Read through the material below and find each line that has the word "version"; copy it.

DATA FOR THIS TASK:
- - - -
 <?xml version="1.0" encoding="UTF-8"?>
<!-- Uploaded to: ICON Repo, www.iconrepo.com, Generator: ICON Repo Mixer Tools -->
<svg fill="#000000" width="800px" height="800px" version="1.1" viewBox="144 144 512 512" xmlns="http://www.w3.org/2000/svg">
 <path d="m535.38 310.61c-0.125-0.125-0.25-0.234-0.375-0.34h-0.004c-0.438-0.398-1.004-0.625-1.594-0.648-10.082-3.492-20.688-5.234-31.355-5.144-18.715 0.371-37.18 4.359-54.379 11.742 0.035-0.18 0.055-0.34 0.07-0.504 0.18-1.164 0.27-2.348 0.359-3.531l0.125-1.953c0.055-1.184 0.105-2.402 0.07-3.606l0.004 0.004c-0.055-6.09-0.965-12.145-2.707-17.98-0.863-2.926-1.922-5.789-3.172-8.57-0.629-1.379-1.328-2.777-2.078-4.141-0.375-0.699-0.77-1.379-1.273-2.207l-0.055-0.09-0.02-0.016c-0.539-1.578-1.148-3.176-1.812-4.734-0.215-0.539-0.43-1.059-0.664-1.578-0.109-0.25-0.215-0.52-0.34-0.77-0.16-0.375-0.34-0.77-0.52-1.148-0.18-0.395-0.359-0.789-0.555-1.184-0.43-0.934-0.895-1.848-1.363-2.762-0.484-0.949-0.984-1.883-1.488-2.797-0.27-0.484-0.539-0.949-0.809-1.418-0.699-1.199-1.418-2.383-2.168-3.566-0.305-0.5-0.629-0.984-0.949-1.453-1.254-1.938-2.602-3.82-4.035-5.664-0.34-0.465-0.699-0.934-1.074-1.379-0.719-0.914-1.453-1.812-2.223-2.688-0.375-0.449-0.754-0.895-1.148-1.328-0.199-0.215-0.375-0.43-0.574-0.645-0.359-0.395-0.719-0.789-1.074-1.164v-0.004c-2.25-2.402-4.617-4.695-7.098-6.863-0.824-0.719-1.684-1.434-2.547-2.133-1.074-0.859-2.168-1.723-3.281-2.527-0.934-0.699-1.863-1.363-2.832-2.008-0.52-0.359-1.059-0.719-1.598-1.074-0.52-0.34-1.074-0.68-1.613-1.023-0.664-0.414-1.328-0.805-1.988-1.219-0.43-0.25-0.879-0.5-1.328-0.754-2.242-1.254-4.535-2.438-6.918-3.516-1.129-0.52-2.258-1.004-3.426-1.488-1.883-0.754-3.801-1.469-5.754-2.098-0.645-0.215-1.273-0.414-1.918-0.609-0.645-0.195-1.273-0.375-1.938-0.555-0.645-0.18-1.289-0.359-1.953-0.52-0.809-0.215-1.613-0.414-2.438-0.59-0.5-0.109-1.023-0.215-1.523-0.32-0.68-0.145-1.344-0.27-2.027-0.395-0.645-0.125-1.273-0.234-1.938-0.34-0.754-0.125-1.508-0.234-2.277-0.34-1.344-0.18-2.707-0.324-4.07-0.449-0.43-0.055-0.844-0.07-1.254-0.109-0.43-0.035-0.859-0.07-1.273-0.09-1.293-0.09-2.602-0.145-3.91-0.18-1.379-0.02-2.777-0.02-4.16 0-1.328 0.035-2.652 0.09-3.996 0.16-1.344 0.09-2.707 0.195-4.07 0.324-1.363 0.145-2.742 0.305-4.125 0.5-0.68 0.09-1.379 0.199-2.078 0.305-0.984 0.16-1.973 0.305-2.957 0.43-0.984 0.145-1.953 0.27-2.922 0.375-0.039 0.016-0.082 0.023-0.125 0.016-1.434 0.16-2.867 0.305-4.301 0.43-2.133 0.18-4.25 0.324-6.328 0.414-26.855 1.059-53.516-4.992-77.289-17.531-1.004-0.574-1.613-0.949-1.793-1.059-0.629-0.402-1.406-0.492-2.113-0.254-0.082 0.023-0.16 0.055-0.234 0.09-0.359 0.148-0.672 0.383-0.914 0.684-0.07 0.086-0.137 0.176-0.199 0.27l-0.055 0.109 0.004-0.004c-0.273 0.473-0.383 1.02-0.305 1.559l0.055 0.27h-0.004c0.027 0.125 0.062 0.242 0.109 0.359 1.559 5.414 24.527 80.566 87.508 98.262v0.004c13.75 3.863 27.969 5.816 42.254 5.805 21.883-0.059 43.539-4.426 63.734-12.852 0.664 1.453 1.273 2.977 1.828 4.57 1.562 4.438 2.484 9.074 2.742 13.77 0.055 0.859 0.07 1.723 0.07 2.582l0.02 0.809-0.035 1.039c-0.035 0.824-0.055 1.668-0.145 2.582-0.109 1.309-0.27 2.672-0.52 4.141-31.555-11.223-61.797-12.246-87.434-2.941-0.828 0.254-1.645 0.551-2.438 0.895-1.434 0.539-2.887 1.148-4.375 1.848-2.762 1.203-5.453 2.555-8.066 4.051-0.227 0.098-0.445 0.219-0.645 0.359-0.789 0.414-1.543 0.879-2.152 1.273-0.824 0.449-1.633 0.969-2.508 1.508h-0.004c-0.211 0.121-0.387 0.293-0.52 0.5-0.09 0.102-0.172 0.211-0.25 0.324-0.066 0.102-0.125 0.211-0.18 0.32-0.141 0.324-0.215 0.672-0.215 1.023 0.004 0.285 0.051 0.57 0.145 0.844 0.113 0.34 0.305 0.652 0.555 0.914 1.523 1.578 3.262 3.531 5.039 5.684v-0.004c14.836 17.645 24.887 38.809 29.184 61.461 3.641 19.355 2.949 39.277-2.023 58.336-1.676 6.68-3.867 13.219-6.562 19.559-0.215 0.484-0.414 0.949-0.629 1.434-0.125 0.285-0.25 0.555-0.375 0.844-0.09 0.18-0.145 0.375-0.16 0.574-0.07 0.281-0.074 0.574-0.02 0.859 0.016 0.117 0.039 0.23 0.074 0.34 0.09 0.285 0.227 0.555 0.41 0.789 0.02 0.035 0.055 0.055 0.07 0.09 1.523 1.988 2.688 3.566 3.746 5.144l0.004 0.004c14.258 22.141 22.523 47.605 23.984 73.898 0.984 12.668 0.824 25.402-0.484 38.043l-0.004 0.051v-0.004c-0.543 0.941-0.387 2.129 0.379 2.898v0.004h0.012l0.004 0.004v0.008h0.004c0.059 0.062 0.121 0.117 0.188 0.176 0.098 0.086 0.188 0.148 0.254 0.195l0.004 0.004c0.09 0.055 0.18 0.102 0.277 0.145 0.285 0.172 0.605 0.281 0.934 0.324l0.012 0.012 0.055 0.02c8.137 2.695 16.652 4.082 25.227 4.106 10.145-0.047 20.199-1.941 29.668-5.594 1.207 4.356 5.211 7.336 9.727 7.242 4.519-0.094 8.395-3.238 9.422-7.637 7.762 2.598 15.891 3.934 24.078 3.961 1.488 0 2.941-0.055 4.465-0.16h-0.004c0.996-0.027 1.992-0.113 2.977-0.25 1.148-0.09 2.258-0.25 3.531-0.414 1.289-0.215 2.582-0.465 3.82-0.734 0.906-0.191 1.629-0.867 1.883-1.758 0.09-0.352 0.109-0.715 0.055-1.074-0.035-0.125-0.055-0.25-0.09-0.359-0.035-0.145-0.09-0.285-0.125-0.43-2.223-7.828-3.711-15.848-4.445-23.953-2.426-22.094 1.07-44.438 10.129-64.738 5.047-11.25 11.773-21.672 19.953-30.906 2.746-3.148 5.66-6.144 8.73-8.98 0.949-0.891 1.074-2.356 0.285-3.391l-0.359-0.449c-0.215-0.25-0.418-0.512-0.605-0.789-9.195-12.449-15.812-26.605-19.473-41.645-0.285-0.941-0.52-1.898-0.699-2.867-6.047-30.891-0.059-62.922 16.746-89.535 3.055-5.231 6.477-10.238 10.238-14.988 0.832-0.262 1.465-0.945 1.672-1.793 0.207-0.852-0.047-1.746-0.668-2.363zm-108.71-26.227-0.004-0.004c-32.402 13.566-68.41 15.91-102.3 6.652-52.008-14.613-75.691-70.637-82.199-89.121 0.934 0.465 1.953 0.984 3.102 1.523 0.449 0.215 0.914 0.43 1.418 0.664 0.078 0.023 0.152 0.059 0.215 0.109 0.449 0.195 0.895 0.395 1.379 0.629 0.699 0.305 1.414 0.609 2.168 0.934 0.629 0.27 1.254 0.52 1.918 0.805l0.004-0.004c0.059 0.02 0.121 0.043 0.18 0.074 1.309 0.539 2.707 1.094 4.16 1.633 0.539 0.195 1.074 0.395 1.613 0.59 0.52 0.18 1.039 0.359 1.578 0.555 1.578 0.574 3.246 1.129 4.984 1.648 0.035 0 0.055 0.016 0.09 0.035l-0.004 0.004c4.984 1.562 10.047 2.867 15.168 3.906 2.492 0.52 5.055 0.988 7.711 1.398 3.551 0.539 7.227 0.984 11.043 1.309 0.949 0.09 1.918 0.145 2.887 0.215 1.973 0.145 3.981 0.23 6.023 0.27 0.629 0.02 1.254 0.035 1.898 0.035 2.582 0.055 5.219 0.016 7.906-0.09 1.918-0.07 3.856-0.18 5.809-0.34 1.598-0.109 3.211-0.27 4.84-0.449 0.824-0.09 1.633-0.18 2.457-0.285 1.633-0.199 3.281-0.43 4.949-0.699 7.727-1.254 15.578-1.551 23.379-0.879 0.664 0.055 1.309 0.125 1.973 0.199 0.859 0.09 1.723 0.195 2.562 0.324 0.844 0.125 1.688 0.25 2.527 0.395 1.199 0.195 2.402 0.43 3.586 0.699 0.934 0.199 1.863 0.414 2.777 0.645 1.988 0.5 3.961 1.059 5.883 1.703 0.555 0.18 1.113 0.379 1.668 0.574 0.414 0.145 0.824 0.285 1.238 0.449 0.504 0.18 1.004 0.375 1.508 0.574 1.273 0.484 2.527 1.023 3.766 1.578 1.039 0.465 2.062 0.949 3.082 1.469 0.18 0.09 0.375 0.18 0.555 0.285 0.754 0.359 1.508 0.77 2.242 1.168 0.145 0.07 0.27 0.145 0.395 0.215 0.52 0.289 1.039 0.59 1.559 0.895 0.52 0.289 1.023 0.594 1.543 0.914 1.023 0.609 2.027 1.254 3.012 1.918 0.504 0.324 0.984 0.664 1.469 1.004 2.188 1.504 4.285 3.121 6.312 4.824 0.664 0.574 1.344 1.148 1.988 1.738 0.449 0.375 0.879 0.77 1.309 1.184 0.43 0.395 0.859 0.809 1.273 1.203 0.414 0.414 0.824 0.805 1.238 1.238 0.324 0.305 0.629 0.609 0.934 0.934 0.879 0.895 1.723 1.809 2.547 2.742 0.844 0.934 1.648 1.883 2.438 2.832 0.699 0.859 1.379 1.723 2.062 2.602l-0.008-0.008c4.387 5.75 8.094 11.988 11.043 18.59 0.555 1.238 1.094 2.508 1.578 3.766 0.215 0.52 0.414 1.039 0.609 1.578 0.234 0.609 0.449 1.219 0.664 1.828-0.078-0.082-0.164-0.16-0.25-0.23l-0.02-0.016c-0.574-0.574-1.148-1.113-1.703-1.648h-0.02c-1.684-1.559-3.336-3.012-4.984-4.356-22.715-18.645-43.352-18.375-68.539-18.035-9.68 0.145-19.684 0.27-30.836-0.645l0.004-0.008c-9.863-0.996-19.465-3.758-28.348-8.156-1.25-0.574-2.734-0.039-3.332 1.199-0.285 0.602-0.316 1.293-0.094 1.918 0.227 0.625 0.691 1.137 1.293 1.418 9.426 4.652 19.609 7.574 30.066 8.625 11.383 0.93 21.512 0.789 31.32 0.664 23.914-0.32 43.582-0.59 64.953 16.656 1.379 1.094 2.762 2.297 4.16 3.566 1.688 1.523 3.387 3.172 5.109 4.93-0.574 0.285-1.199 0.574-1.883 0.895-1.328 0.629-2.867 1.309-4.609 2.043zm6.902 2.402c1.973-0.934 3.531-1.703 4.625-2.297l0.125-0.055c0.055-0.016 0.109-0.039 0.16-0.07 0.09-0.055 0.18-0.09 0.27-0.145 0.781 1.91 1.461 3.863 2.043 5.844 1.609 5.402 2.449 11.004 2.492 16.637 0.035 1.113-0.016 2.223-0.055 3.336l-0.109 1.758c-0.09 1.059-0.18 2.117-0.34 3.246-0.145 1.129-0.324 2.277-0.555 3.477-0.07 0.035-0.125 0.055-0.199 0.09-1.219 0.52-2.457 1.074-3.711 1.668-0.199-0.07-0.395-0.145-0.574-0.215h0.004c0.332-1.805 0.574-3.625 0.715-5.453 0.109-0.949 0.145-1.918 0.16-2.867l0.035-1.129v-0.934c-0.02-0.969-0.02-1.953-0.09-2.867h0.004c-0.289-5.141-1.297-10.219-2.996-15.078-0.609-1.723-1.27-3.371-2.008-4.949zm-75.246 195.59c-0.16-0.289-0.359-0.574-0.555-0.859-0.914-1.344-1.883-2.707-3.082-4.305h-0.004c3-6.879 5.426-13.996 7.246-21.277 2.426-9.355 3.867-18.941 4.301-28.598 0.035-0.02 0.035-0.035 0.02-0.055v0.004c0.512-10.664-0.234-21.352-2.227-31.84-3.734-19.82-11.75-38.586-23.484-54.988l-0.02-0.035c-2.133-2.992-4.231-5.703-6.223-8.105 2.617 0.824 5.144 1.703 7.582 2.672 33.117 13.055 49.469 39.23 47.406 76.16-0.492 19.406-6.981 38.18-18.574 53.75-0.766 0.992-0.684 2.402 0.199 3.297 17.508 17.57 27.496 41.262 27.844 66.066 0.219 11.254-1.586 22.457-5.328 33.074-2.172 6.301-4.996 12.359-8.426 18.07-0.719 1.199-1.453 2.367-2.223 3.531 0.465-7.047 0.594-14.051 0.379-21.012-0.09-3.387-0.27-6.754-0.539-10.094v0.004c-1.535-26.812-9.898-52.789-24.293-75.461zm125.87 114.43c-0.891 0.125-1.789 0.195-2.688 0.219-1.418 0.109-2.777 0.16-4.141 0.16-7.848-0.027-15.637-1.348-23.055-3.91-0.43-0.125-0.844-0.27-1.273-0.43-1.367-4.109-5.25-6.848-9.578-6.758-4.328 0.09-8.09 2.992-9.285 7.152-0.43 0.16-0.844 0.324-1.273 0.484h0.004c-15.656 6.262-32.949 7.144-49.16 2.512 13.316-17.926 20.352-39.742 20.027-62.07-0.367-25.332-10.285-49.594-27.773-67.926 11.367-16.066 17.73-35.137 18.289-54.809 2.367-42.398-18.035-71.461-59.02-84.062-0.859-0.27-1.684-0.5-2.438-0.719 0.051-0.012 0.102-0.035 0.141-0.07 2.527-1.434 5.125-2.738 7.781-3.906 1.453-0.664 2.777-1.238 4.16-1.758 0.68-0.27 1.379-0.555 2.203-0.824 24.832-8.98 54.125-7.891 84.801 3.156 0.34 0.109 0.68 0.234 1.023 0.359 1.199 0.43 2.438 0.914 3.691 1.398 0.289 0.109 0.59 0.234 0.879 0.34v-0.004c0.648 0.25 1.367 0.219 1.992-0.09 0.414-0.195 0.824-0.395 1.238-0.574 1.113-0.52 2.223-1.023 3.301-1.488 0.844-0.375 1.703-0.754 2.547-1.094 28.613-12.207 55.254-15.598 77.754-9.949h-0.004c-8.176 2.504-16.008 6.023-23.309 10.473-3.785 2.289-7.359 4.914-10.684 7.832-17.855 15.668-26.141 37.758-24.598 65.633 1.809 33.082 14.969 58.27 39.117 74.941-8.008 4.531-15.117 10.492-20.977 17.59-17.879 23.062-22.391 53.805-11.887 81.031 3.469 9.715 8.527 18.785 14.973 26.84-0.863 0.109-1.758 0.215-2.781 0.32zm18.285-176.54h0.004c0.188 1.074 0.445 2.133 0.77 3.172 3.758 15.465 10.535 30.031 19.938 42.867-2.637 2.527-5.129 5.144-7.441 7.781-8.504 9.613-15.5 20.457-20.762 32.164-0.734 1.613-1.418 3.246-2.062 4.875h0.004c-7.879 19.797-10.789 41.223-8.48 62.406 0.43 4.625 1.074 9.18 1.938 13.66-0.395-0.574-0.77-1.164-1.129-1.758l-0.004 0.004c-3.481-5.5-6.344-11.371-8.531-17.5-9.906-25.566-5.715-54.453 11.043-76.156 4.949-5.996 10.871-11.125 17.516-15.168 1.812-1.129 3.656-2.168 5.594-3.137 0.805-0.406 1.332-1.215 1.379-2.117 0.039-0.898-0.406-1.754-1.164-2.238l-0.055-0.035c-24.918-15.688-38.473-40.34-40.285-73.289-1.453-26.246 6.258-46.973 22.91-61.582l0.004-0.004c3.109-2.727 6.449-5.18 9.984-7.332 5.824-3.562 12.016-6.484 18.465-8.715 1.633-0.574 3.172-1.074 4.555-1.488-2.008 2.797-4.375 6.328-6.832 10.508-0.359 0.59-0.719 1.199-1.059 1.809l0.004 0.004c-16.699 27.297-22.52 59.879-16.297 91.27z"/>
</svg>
- - - -
SOLVED PROBLEM:
 <?xml version="1.0" encoding="UTF-8"?>
<svg fill="#000000" width="800px" height="800px" version="1.1" viewBox="144 144 512 512" xmlns="http://www.w3.org/2000/svg">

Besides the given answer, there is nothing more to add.